A 68-year-old death-row inmate convicted of serial bombings at companies in 1974 and 1975 has died of multiple myeloma at the Tokyo detention house, the Justice Ministry said Wednesday.

Masashi Daidoji, a member of the extremist Higashi Ajia Hannichi Buso Sensen (East Asia Anti-Japan Armed Front), was convicted of bombings that included the August 1974 attack on the headquarters building of Mitsubishi Heavy Industries Ltd. in Tokyo. That attack left eight people dead.

Daidoji was among a number of leftist militants arrested in 1975 on charges of conducting a bombing campaign against Japanese companies to condemn Japan's military and commercial advance in East Asia before and after World War II.

Although the Supreme Court sentenced him to death in 1987, he had appealed multiple times for a retrial, arguing that a new examination of the bombs used in the Mitsubishi Heavy attack had shown he had no intention of killing the victims.

The extremist group also targeted the headquarters of trading house Mitsui & Co., construction firm Taisei Corp. and synthetic fibers maker Teijin Ltd.

In connection with the serial bombings, nine people were arrested and one committed suicide. Six, including Daidoji, were convicted.

Some of the arrested were released as extrajudicial measures taken after the Japanese Red Army hostage crisis in Kuala Lumpur in 1975 and the hijacking of a Japan Airlines jetliner in the Bangladesh capital of Dhaka in 1977.

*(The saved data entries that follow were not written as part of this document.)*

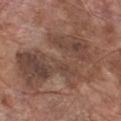| feature | finding |
|---|---|
| workup | catalogued during a skin exam; not biopsied |
| subject | male, aged 63–67 |
| location | the chest |
| tile lighting | white-light |
| image source | 15 mm crop, total-body photography |
| automated metrics | an area of roughly 50 mm², an eccentricity of roughly 0.75, and a symmetry-axis asymmetry near 0.45; a border-irregularity rating of about 8.5/10, a within-lesion color-variation index near 6.5/10, and radial color variation of about 2.5 |
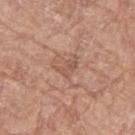Q: Is there a histopathology result?
A: no biopsy performed (imaged during a skin exam)
Q: Patient demographics?
A: female, aged 73–77
Q: What is the lesion's diameter?
A: ≈2.5 mm
Q: What is the imaging modality?
A: ~15 mm crop, total-body skin-cancer survey
Q: Illumination type?
A: white-light illumination
Q: Lesion location?
A: the left thigh
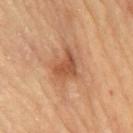<tbp_lesion>
  <patient>
    <sex>male</sex>
    <age_approx>85+</age_approx>
  </patient>
  <image>
    <source>total-body photography crop</source>
    <field_of_view_mm>15</field_of_view_mm>
  </image>
  <site>chest</site>
</tbp_lesion>
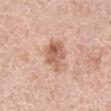This lesion was catalogued during total-body skin photography and was not selected for biopsy. The recorded lesion diameter is about 3.5 mm. Imaged with white-light lighting. Located on the right lower leg. A close-up tile cropped from a whole-body skin photograph, about 15 mm across. The lesion-visualizer software estimated a footprint of about 9 mm². The software also gave an average lesion color of about L≈61 a*≈22 b*≈30 (CIELAB), roughly 12 lightness units darker than nearby skin, and a normalized lesion–skin contrast near 7.5. The analysis additionally found an automated nevus-likeness rating near 45 out of 100. A female subject, aged 63 to 67.
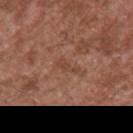- workup · imaged on a skin check; not biopsied
- imaging modality · ~15 mm tile from a whole-body skin photo
- tile lighting · white-light
- location · the back
- patient · male, aged 43 to 47
- TBP lesion metrics · a lesion area of about 2.5 mm², an eccentricity of roughly 0.95, and a symmetry-axis asymmetry near 0.4; a normalized lesion–skin contrast near 5; lesion-presence confidence of about 100/100
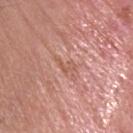follow-up: no biopsy performed (imaged during a skin exam) | automated lesion analysis: an area of roughly 2.5 mm², an outline eccentricity of about 0.8 (0 = round, 1 = elongated), and two-axis asymmetry of about 0.5; a border-irregularity index near 5/10, a color-variation rating of about 0/10, and peripheral color asymmetry of about 0; a nevus-likeness score of about 0/100 and a lesion-detection confidence of about 65/100 | lesion size: ≈2.5 mm | imaging modality: ~15 mm tile from a whole-body skin photo | patient: female, aged around 60 | tile lighting: white-light | location: the head or neck.
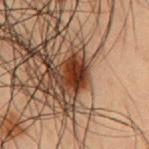Q: Is there a histopathology result?
A: total-body-photography surveillance lesion; no biopsy
Q: How large is the lesion?
A: ~3.5 mm (longest diameter)
Q: What is the imaging modality?
A: 15 mm crop, total-body photography
Q: What is the anatomic site?
A: the chest
Q: What lighting was used for the tile?
A: cross-polarized illumination
Q: Who is the patient?
A: male, aged 53–57
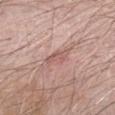No biopsy was performed on this lesion — it was imaged during a full skin examination and was not determined to be concerning.
Automated image analysis of the tile measured an area of roughly 4 mm² and an eccentricity of roughly 0.8. The analysis additionally found an average lesion color of about L≈57 a*≈21 b*≈24 (CIELAB), a lesion–skin lightness drop of about 8, and a normalized border contrast of about 5.5.
The recorded lesion diameter is about 3 mm.
On the left forearm.
A male patient roughly 65 years of age.
A lesion tile, about 15 mm wide, cut from a 3D total-body photograph.
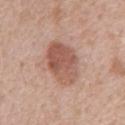Notes:
• follow-up · catalogued during a skin exam; not biopsied
• patient · male, about 60 years old
• lighting · white-light illumination
• anatomic site · the front of the torso
• imaging modality · total-body-photography crop, ~15 mm field of view
• automated metrics · a footprint of about 16 mm², an eccentricity of roughly 0.75, and a symmetry-axis asymmetry near 0.15; a border-irregularity index near 1.5/10 and a within-lesion color-variation index near 5/10
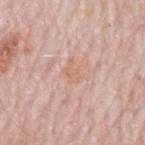notes=no biopsy performed (imaged during a skin exam) | location=the mid back | subject=male, aged 78–82 | diameter=about 2.5 mm | illumination=white-light | image=~15 mm tile from a whole-body skin photo | TBP lesion metrics=an average lesion color of about L≈65 a*≈20 b*≈31 (CIELAB) and about 6 CIELAB-L* units darker than the surrounding skin; a classifier nevus-likeness of about 0/100 and a detector confidence of about 100 out of 100 that the crop contains a lesion.
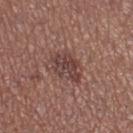{
  "biopsy_status": "not biopsied; imaged during a skin examination",
  "image": {
    "source": "total-body photography crop",
    "field_of_view_mm": 15
  },
  "site": "right thigh",
  "automated_metrics": {
    "area_mm2_approx": 8.0,
    "eccentricity": 0.7,
    "shape_asymmetry": 0.35
  },
  "patient": {
    "sex": "female",
    "age_approx": 25
  },
  "lighting": "white-light"
}
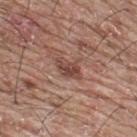Clinical impression: The lesion was tiled from a total-body skin photograph and was not biopsied. Acquisition and patient details: A roughly 15 mm field-of-view crop from a total-body skin photograph. Located on the upper back. A male subject in their mid- to late 60s.
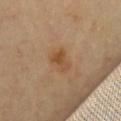No biopsy was performed on this lesion — it was imaged during a full skin examination and was not determined to be concerning.
Longest diameter approximately 3 mm.
A female patient, about 60 years old.
Located on the front of the torso.
The lesion-visualizer software estimated border irregularity of about 4.5 on a 0–10 scale and radial color variation of about 1.
Imaged with cross-polarized lighting.
A region of skin cropped from a whole-body photographic capture, roughly 15 mm wide.
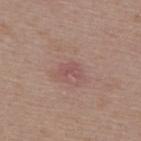This lesion was catalogued during total-body skin photography and was not selected for biopsy. Located on the upper back. The lesion's longest dimension is about 2.5 mm. The total-body-photography lesion software estimated two-axis asymmetry of about 0.45. And it measured a border-irregularity rating of about 4.5/10. And it measured an automated nevus-likeness rating near 0 out of 100. The tile uses white-light illumination. A close-up tile cropped from a whole-body skin photograph, about 15 mm across. A female patient aged around 45.
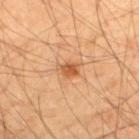  biopsy_status: not biopsied; imaged during a skin examination
  automated_metrics:
    border_irregularity_0_10: 2.5
    nevus_likeness_0_100: 85
    lesion_detection_confidence_0_100: 100
  image:
    source: total-body photography crop
    field_of_view_mm: 15
  site: back
  lesion_size:
    long_diameter_mm_approx: 2.5
  patient:
    sex: male
    age_approx: 55
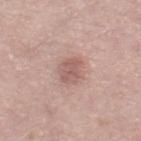<record>
<biopsy_status>not biopsied; imaged during a skin examination</biopsy_status>
<image>
  <source>total-body photography crop</source>
  <field_of_view_mm>15</field_of_view_mm>
</image>
<patient>
  <sex>female</sex>
  <age_approx>65</age_approx>
</patient>
<site>left thigh</site>
</record>
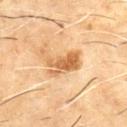Image and clinical context: This is a cross-polarized tile. Cropped from a whole-body photographic skin survey; the tile spans about 15 mm. A male subject about 60 years old. Longest diameter approximately 4.5 mm. From the chest.
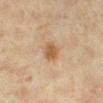Assessment:
This lesion was catalogued during total-body skin photography and was not selected for biopsy.
Acquisition and patient details:
About 3 mm across. A 15 mm crop from a total-body photograph taken for skin-cancer surveillance. Located on the leg. The tile uses cross-polarized illumination. A female patient, about 40 years old.
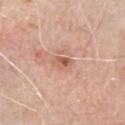Recorded during total-body skin imaging; not selected for excision or biopsy. A 15 mm crop from a total-body photograph taken for skin-cancer surveillance. The patient is a male aged approximately 80. This is a white-light tile. Measured at roughly 2.5 mm in maximum diameter. The lesion is on the chest.
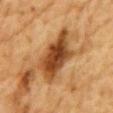Q: Was this lesion biopsied?
A: total-body-photography surveillance lesion; no biopsy
Q: Lesion location?
A: the front of the torso
Q: Patient demographics?
A: male, approximately 85 years of age or older
Q: Illumination type?
A: cross-polarized illumination
Q: What kind of image is this?
A: ~15 mm tile from a whole-body skin photo
Q: What is the lesion's diameter?
A: ≈7 mm
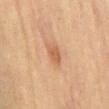Assessment: Captured during whole-body skin photography for melanoma surveillance; the lesion was not biopsied. Clinical summary: The patient is a male aged around 70. On the abdomen. This is a cross-polarized tile. This image is a 15 mm lesion crop taken from a total-body photograph. About 2.5 mm across.
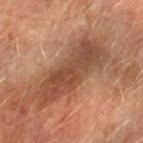Q: Is there a histopathology result?
A: catalogued during a skin exam; not biopsied
Q: Lesion location?
A: the left forearm
Q: What are the patient's age and sex?
A: male, roughly 65 years of age
Q: What kind of image is this?
A: total-body-photography crop, ~15 mm field of view
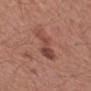  image:
    source: total-body photography crop
    field_of_view_mm: 15
  site: left forearm
  patient:
    sex: female
    age_approx: 50
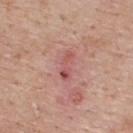Clinical impression: Imaged during a routine full-body skin examination; the lesion was not biopsied and no histopathology is available. Context: The patient is a male aged 58–62. A lesion tile, about 15 mm wide, cut from a 3D total-body photograph. Located on the upper back. Longest diameter approximately 3.5 mm. The tile uses white-light illumination.
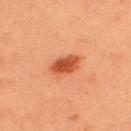{"biopsy_status": "not biopsied; imaged during a skin examination", "image": {"source": "total-body photography crop", "field_of_view_mm": 15}, "site": "upper back", "lesion_size": {"long_diameter_mm_approx": 3.5}, "automated_metrics": {"area_mm2_approx": 6.5, "eccentricity": 0.8, "shape_asymmetry": 0.2, "cielab_L": 52, "cielab_a": 33, "cielab_b": 41, "vs_skin_contrast_norm": 9.5, "border_irregularity_0_10": 2.0, "color_variation_0_10": 3.5, "peripheral_color_asymmetry": 1.0, "nevus_likeness_0_100": 100, "lesion_detection_confidence_0_100": 100}, "patient": {"sex": "male", "age_approx": 35}, "lighting": "cross-polarized"}
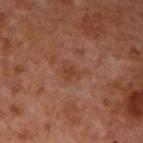From the right upper arm. The lesion's longest dimension is about 2.5 mm. A male patient approximately 55 years of age. This is a cross-polarized tile. Cropped from a total-body skin-imaging series; the visible field is about 15 mm. Automated tile analysis of the lesion measured a footprint of about 3.5 mm², an outline eccentricity of about 0.75 (0 = round, 1 = elongated), and a shape-asymmetry score of about 0.4 (0 = symmetric).
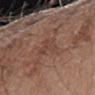Part of a total-body skin-imaging series; this lesion was reviewed on a skin check and was not flagged for biopsy.
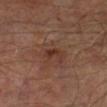Located on the right lower leg.
An algorithmic analysis of the crop reported a border-irregularity rating of about 4.5/10 and a color-variation rating of about 0.5/10. The analysis additionally found a classifier nevus-likeness of about 15/100 and a detector confidence of about 100 out of 100 that the crop contains a lesion.
Captured under cross-polarized illumination.
Longest diameter approximately 2.5 mm.
Cropped from a total-body skin-imaging series; the visible field is about 15 mm.
The subject is a male roughly 65 years of age.
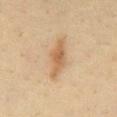workup=catalogued during a skin exam; not biopsied
size=~5 mm (longest diameter)
TBP lesion metrics=a lesion color around L≈56 a*≈17 b*≈34 in CIELAB, roughly 10 lightness units darker than nearby skin, and a normalized border contrast of about 7; border irregularity of about 3.5 on a 0–10 scale, a within-lesion color-variation index near 2.5/10, and peripheral color asymmetry of about 0.5; an automated nevus-likeness rating near 80 out of 100
body site=the abdomen
image source=~15 mm crop, total-body skin-cancer survey
subject=male, approximately 35 years of age
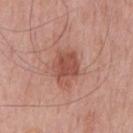| key | value |
|---|---|
| biopsy status | no biopsy performed (imaged during a skin exam) |
| subject | male, roughly 75 years of age |
| body site | the front of the torso |
| image | 15 mm crop, total-body photography |
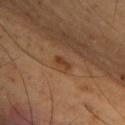follow-up: total-body-photography surveillance lesion; no biopsy
image-analysis metrics: a footprint of about 1.5 mm², an eccentricity of roughly 0.9, and a shape-asymmetry score of about 0.45 (0 = symmetric); a lesion color around L≈36 a*≈21 b*≈31 in CIELAB, roughly 8 lightness units darker than nearby skin, and a normalized lesion–skin contrast near 7.5; a classifier nevus-likeness of about 5/100 and lesion-presence confidence of about 100/100
imaging modality: total-body-photography crop, ~15 mm field of view
subject: male, approximately 50 years of age
location: the upper back
diameter: ≈2 mm
lighting: cross-polarized
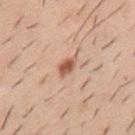The lesion was tiled from a total-body skin photograph and was not biopsied. Imaged with white-light lighting. Automated image analysis of the tile measured an average lesion color of about L≈58 a*≈22 b*≈32 (CIELAB). The analysis additionally found a nevus-likeness score of about 90/100. A male subject aged around 40. Longest diameter approximately 3 mm. The lesion is on the mid back. A close-up tile cropped from a whole-body skin photograph, about 15 mm across.
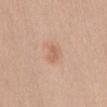Clinical impression: No biopsy was performed on this lesion — it was imaged during a full skin examination and was not determined to be concerning. Image and clinical context: A female patient, aged approximately 45. Located on the abdomen. Cropped from a total-body skin-imaging series; the visible field is about 15 mm.
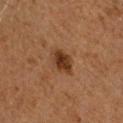follow-up: imaged on a skin check; not biopsied
imaging modality: 15 mm crop, total-body photography
lesion diameter: ≈3 mm
lighting: cross-polarized illumination
location: the head or neck
image-analysis metrics: an eccentricity of roughly 0.65 and a shape-asymmetry score of about 0.25 (0 = symmetric); a border-irregularity index near 2.5/10, a within-lesion color-variation index near 3.5/10, and peripheral color asymmetry of about 1
subject: male, aged 58–62
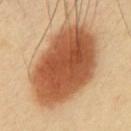Case summary:
• notes — total-body-photography surveillance lesion; no biopsy
• lesion size — ~10.5 mm (longest diameter)
• subject — male, aged 38–42
• lighting — cross-polarized illumination
• acquisition — 15 mm crop, total-body photography
• location — the front of the torso
• image-analysis metrics — a footprint of about 50 mm², an eccentricity of roughly 0.8, and a shape-asymmetry score of about 0.15 (0 = symmetric); a lesion color around L≈53 a*≈25 b*≈37 in CIELAB and a lesion–skin lightness drop of about 19
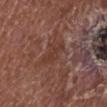No biopsy was performed on this lesion — it was imaged during a full skin examination and was not determined to be concerning. A lesion tile, about 15 mm wide, cut from a 3D total-body photograph. The lesion is located on the left lower leg. Automated image analysis of the tile measured a nevus-likeness score of about 0/100 and lesion-presence confidence of about 85/100. A male patient, in their mid-70s. This is a white-light tile.
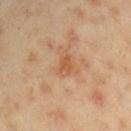<tbp_lesion>
<site>right upper arm</site>
<lighting>cross-polarized</lighting>
<patient>
  <sex>male</sex>
  <age_approx>45</age_approx>
</patient>
<image>
  <source>total-body photography crop</source>
  <field_of_view_mm>15</field_of_view_mm>
</image>
<lesion_size>
  <long_diameter_mm_approx>3.0</long_diameter_mm_approx>
</lesion_size>
</tbp_lesion>
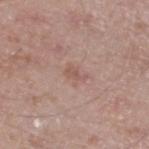Assessment:
Imaged during a routine full-body skin examination; the lesion was not biopsied and no histopathology is available.
Background:
This is a white-light tile. The lesion's longest dimension is about 2.5 mm. The lesion is on the left lower leg. The patient is a male approximately 50 years of age. Cropped from a total-body skin-imaging series; the visible field is about 15 mm. Automated image analysis of the tile measured a lesion color around L≈55 a*≈20 b*≈24 in CIELAB, roughly 7 lightness units darker than nearby skin, and a normalized border contrast of about 5. It also reported a lesion-detection confidence of about 100/100.
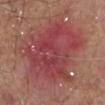Located on the right lower leg.
The recorded lesion diameter is about 10 mm.
The tile uses white-light illumination.
The patient is a male about 65 years old.
Automated image analysis of the tile measured an average lesion color of about L≈44 a*≈31 b*≈22 (CIELAB), roughly 9 lightness units darker than nearby skin, and a normalized border contrast of about 7.5. And it measured border irregularity of about 4.5 on a 0–10 scale and a within-lesion color-variation index near 6.5/10. And it measured a detector confidence of about 100 out of 100 that the crop contains a lesion.
A close-up tile cropped from a whole-body skin photograph, about 15 mm across.
The biopsy diagnosis was a nodular basal cell carcinoma (malignant).
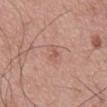| feature | finding |
|---|---|
| follow-up | imaged on a skin check; not biopsied |
| lighting | white-light |
| patient | male, aged approximately 55 |
| image source | ~15 mm tile from a whole-body skin photo |
| site | the back |
| lesion diameter | ~3 mm (longest diameter) |
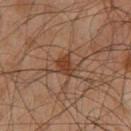Captured during whole-body skin photography for melanoma surveillance; the lesion was not biopsied. Cropped from a total-body skin-imaging series; the visible field is about 15 mm. The subject is a male aged approximately 60. Located on the chest. Approximately 2.5 mm at its widest. Imaged with cross-polarized lighting.
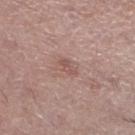follow-up: catalogued during a skin exam; not biopsied | illumination: white-light | image source: ~15 mm crop, total-body skin-cancer survey | subject: female, aged around 65 | location: the left lower leg | size: about 2.5 mm.
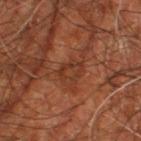A male subject in their 60s.
Automated image analysis of the tile measured a mean CIELAB color near L≈34 a*≈24 b*≈30, a lesion–skin lightness drop of about 6, and a normalized lesion–skin contrast near 5.5. It also reported a border-irregularity index near 2.5/10 and internal color variation of about 3 on a 0–10 scale. The software also gave a classifier nevus-likeness of about 0/100 and a detector confidence of about 90 out of 100 that the crop contains a lesion.
The lesion is located on the right leg.
Approximately 3 mm at its widest.
Cropped from a whole-body photographic skin survey; the tile spans about 15 mm.
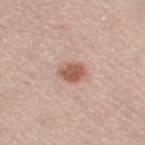biopsy_status: not biopsied; imaged during a skin examination
image:
  source: total-body photography crop
  field_of_view_mm: 15
lighting: white-light
patient:
  sex: male
  age_approx: 70
site: right thigh
lesion_size:
  long_diameter_mm_approx: 3.5
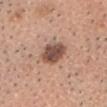Q: Was a biopsy performed?
A: total-body-photography surveillance lesion; no biopsy
Q: How large is the lesion?
A: about 4 mm
Q: What did automated image analysis measure?
A: border irregularity of about 2.5 on a 0–10 scale and a within-lesion color-variation index near 4.5/10
Q: What is the anatomic site?
A: the head or neck
Q: Illumination type?
A: white-light illumination
Q: Who is the patient?
A: male, approximately 60 years of age
Q: What kind of image is this?
A: 15 mm crop, total-body photography
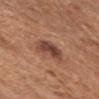Captured during whole-body skin photography for melanoma surveillance; the lesion was not biopsied. Cropped from a total-body skin-imaging series; the visible field is about 15 mm. The lesion is on the head or neck. A female subject, about 75 years old. About 3 mm across.
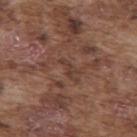Impression: Captured during whole-body skin photography for melanoma surveillance; the lesion was not biopsied.
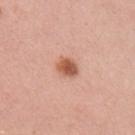  biopsy_status: not biopsied; imaged during a skin examination
  site: arm
  automated_metrics:
    eccentricity: 0.6
    shape_asymmetry: 0.2
    vs_skin_darker_L: 14.0
    vs_skin_contrast_norm: 9.5
    border_irregularity_0_10: 1.5
    color_variation_0_10: 3.5
    nevus_likeness_0_100: 100
  patient:
    sex: female
    age_approx: 40
  lighting: white-light
  image:
    source: total-body photography crop
    field_of_view_mm: 15
  lesion_size:
    long_diameter_mm_approx: 2.5
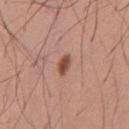Clinical impression: Recorded during total-body skin imaging; not selected for excision or biopsy. Background: Located on the chest. A male patient roughly 30 years of age. The lesion's longest dimension is about 3 mm. Captured under white-light illumination. This image is a 15 mm lesion crop taken from a total-body photograph.
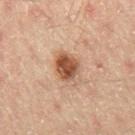Clinical impression: This lesion was catalogued during total-body skin photography and was not selected for biopsy. Acquisition and patient details: A male subject, about 45 years old. A 15 mm close-up extracted from a 3D total-body photography capture. About 3.5 mm across. Located on the leg. This is a cross-polarized tile.
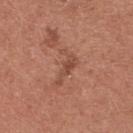Captured during whole-body skin photography for melanoma surveillance; the lesion was not biopsied. The patient is a female aged around 35. The recorded lesion diameter is about 4.5 mm. Located on the chest. A close-up tile cropped from a whole-body skin photograph, about 15 mm across.
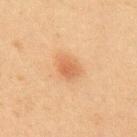Captured during whole-body skin photography for melanoma surveillance; the lesion was not biopsied. An algorithmic analysis of the crop reported an area of roughly 4.5 mm², an outline eccentricity of about 0.6 (0 = round, 1 = elongated), and two-axis asymmetry of about 0.25. The software also gave an automated nevus-likeness rating near 95 out of 100 and a detector confidence of about 100 out of 100 that the crop contains a lesion. A close-up tile cropped from a whole-body skin photograph, about 15 mm across. From the upper back. A male subject aged 43–47.
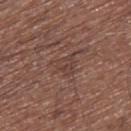| feature | finding |
|---|---|
| follow-up | catalogued during a skin exam; not biopsied |
| imaging modality | 15 mm crop, total-body photography |
| lesion size | ≈3.5 mm |
| tile lighting | white-light illumination |
| subject | male, aged approximately 75 |
| automated metrics | a shape eccentricity near 0.45 and two-axis asymmetry of about 0.45; an average lesion color of about L≈41 a*≈18 b*≈23 (CIELAB), about 6 CIELAB-L* units darker than the surrounding skin, and a lesion-to-skin contrast of about 5 (normalized; higher = more distinct); a border-irregularity index near 5/10, a color-variation rating of about 3/10, and radial color variation of about 1 |
| anatomic site | the right thigh |
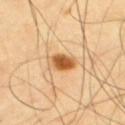TBP lesion metrics — a footprint of about 6.5 mm² and a shape-asymmetry score of about 0.2 (0 = symmetric); a classifier nevus-likeness of about 100/100 and lesion-presence confidence of about 100/100
acquisition — 15 mm crop, total-body photography
illumination — cross-polarized illumination
patient — male, in their mid- to late 60s
body site — the upper back
lesion size — about 3.5 mm
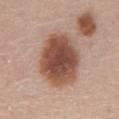workup: total-body-photography surveillance lesion; no biopsy
imaging modality: ~15 mm crop, total-body skin-cancer survey
tile lighting: white-light
location: the abdomen
lesion size: ≈7 mm
patient: male, aged 58 to 62
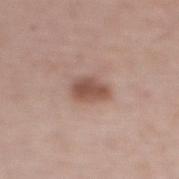The lesion was photographed on a routine skin check and not biopsied; there is no pathology result.
A lesion tile, about 15 mm wide, cut from a 3D total-body photograph.
From the upper back.
The recorded lesion diameter is about 3 mm.
Captured under white-light illumination.
A female patient, aged approximately 65.
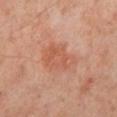site: left lower leg
lighting: cross-polarized
image:
  source: total-body photography crop
  field_of_view_mm: 15
lesion_size:
  long_diameter_mm_approx: 5.5
patient:
  sex: male
  age_approx: 50
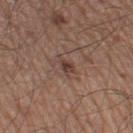follow-up: no biopsy performed (imaged during a skin exam) | imaging modality: 15 mm crop, total-body photography | TBP lesion metrics: a lesion area of about 3.5 mm², an outline eccentricity of about 0.75 (0 = round, 1 = elongated), and a symmetry-axis asymmetry near 0.35; about 9 CIELAB-L* units darker than the surrounding skin and a normalized lesion–skin contrast near 7 | site: the leg | illumination: white-light | size: about 2.5 mm | subject: male, roughly 60 years of age.
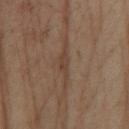The lesion was tiled from a total-body skin photograph and was not biopsied.
The lesion is located on the right lower leg.
The tile uses cross-polarized illumination.
A female patient about 65 years old.
The recorded lesion diameter is about 3 mm.
A region of skin cropped from a whole-body photographic capture, roughly 15 mm wide.
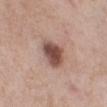A close-up tile cropped from a whole-body skin photograph, about 15 mm across. Measured at roughly 3.5 mm in maximum diameter. The patient is a female aged approximately 55. From the right lower leg. The tile uses white-light illumination.
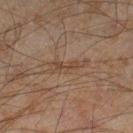Impression: Part of a total-body skin-imaging series; this lesion was reviewed on a skin check and was not flagged for biopsy. Image and clinical context: A region of skin cropped from a whole-body photographic capture, roughly 15 mm wide. On the right lower leg. Approximately 4.5 mm at its widest. Automated tile analysis of the lesion measured roughly 5 lightness units darker than nearby skin and a lesion-to-skin contrast of about 5.5 (normalized; higher = more distinct). The analysis additionally found a border-irregularity index near 6/10 and a peripheral color-asymmetry measure near 0. And it measured a nevus-likeness score of about 0/100. The subject is a male about 45 years old. Captured under cross-polarized illumination.
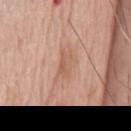  biopsy_status: not biopsied; imaged during a skin examination
  automated_metrics:
    area_mm2_approx: 4.0
    eccentricity: 0.9
    border_irregularity_0_10: 4.0
    peripheral_color_asymmetry: 0.5
  lesion_size:
    long_diameter_mm_approx: 3.5
  image:
    source: total-body photography crop
    field_of_view_mm: 15
  lighting: white-light
  site: chest
  patient:
    sex: male
    age_approx: 75
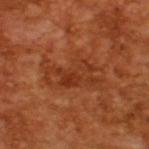{
  "biopsy_status": "not biopsied; imaged during a skin examination",
  "lighting": "cross-polarized",
  "image": {
    "source": "total-body photography crop",
    "field_of_view_mm": 15
  },
  "patient": {
    "sex": "male",
    "age_approx": 65
  },
  "automated_metrics": {
    "area_mm2_approx": 18.0,
    "eccentricity": 0.85,
    "shape_asymmetry": 0.4,
    "cielab_L": 37,
    "cielab_a": 28,
    "cielab_b": 36,
    "vs_skin_darker_L": 7.0,
    "vs_skin_contrast_norm": 6.0
  }
}
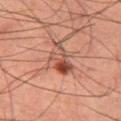Assessment: Captured during whole-body skin photography for melanoma surveillance; the lesion was not biopsied. Acquisition and patient details: The patient is a male aged approximately 60. Automated image analysis of the tile measured two-axis asymmetry of about 0.35. It also reported an average lesion color of about L≈39 a*≈20 b*≈23 (CIELAB) and a lesion-to-skin contrast of about 7.5 (normalized; higher = more distinct). The software also gave an automated nevus-likeness rating near 100 out of 100 and lesion-presence confidence of about 100/100. From the right thigh. A lesion tile, about 15 mm wide, cut from a 3D total-body photograph. This is a cross-polarized tile.
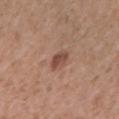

Daidoji along with Toshiaki Masunaga, also sentenced to death for the 1974 bombing, had sought compensation from the state, claiming in 2004 that the Tokyo detention house did not allow supporters to provide the two with letters, cash and other materials.

The practice was later corrected and a district court ordered the state in 2008 to offer a symbolic payment to the two of ¥10,000 each.